VT-CLIP: Enhancing Vision-Language Models with Visual-guided Texts

Longtian Qiu,Renrui Zhang,Ziyu Guo,Ziyao Zeng,Zilu Guo,Yafeng Li,Guangnan Zhang
2023-08-10
Abstract:Contrastive Language-Image Pre-training (CLIP) has drawn increasing attention recently for its transferable visual representation learning. However, due to the semantic gap within datasets, CLIP's pre-trained image-text alignment becomes sub-optimal on downstream tasks, which severely harms its transferring performance. To better adapt the cross-modality embedding space, we propose to enhance CLIP via Visual-guided Texts, named VT-CLIP. Specifically, we guide textual features of different categories to adaptively explore informative regions on the image and aggregate visual features by attention mechanisms. In this way, the texts become visual-guided, namely, more semantically correlated with downstream images, which greatly benefits the category-wise matching process. In few-shot settings, we evaluate our VT-CLIP on 11 well-known classification datasets to demonstrate its effectiveness.
Computer Vision and Pattern Recognition,Computation and Language
What problem does this paper attempt to address?

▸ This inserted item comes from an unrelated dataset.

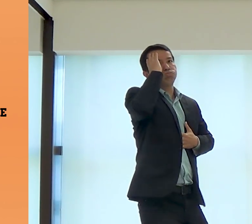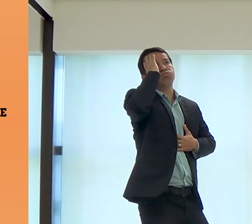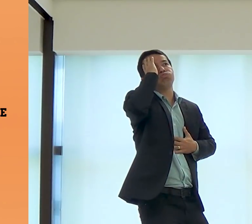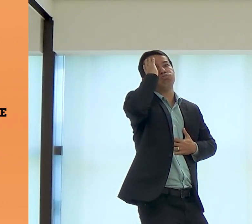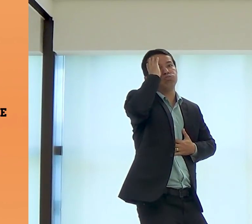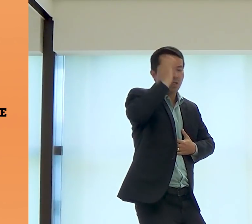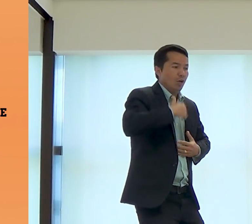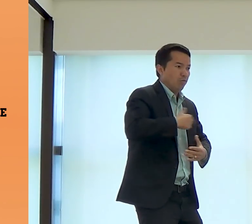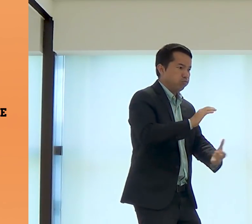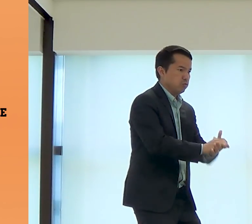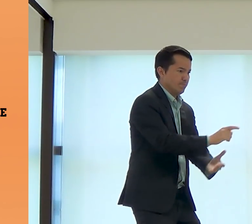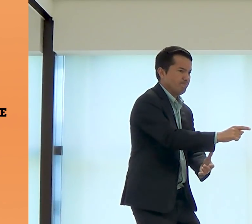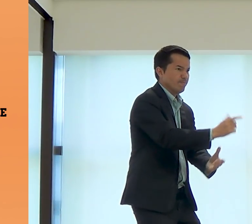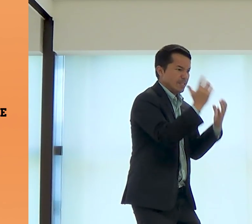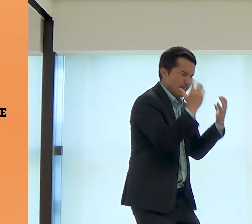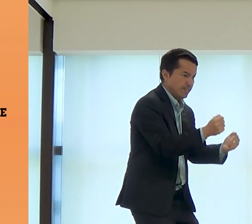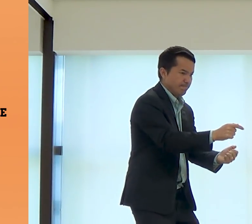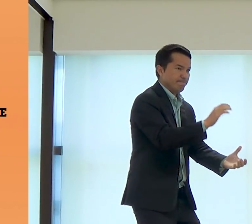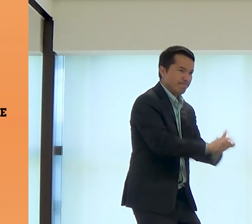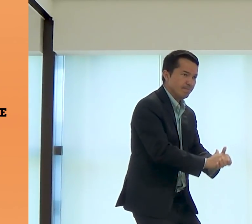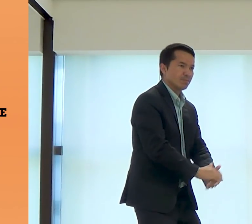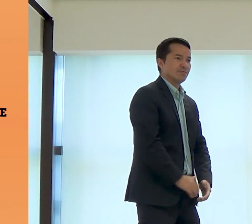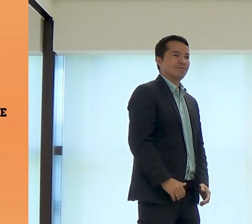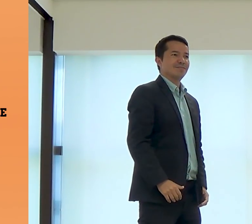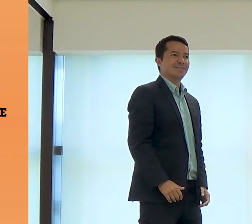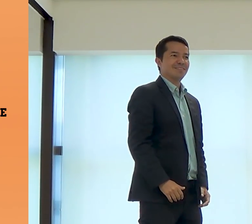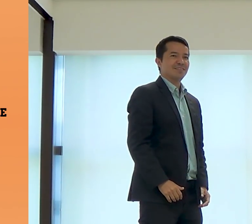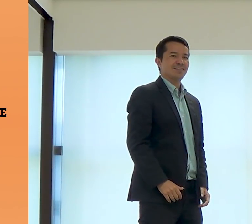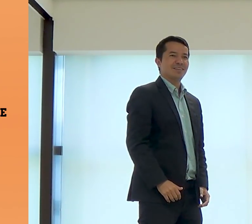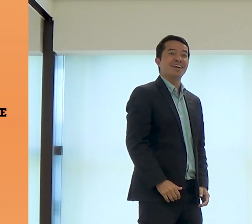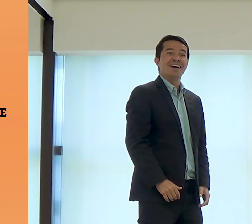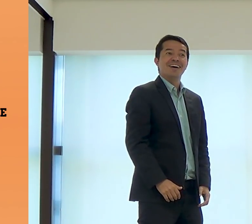aconteceu com você é verdade. Eu vou me casar com você sim.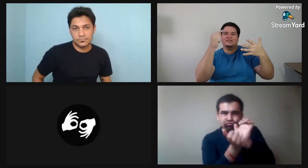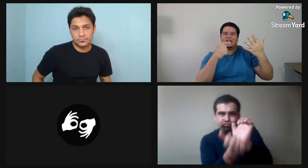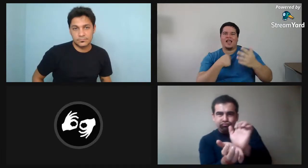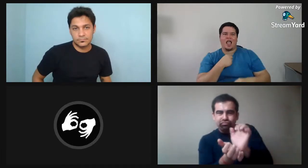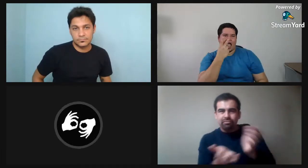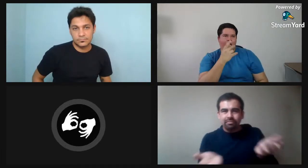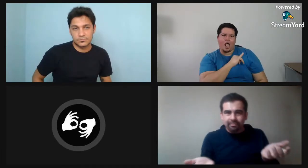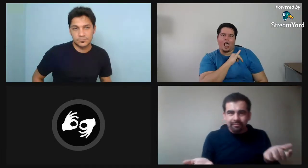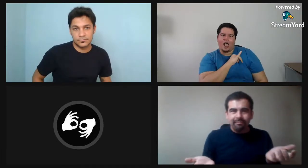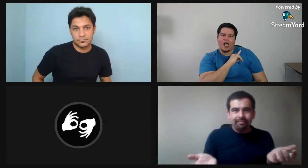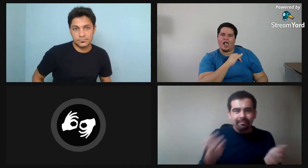dibujando

The problem that this paper attempts to solve is that in vision - language models (such as CLIP), due to the semantic gap within the dataset, the pre - trained image - text alignment performs poorly on downstream tasks, which seriously affects its transfer performance. In order to better adapt to the cross - modal embedding space, the author proposes a method to enhance CLIP through Visual - guided Texts (VT - CLIP). Specifically, VT - CLIP conducts feature communication after the two encoders by introducing a visual - guided attention module, where the text serves as queries, and the image serves as keys and values. In this way, texts of different categories can adaptively explore the information - rich regions in the image and aggregate relevant visual features according to their attention scores. This method makes the text more semantically relevant to the downstream image, thus greatly facilitating the category - matching process. In the few - shot setting, the author evaluated the effectiveness of VT - CLIP on 11 well - known classification datasets. The results show that VT - CLIP outperforms other baseline methods on these datasets. In particular, when the number of samples is small, VT - CLIP performs more stably and excellently. Moreover, VT - CLIP shows consistent superiority on all 11 datasets, demonstrating the effectiveness and generalization ability of its method.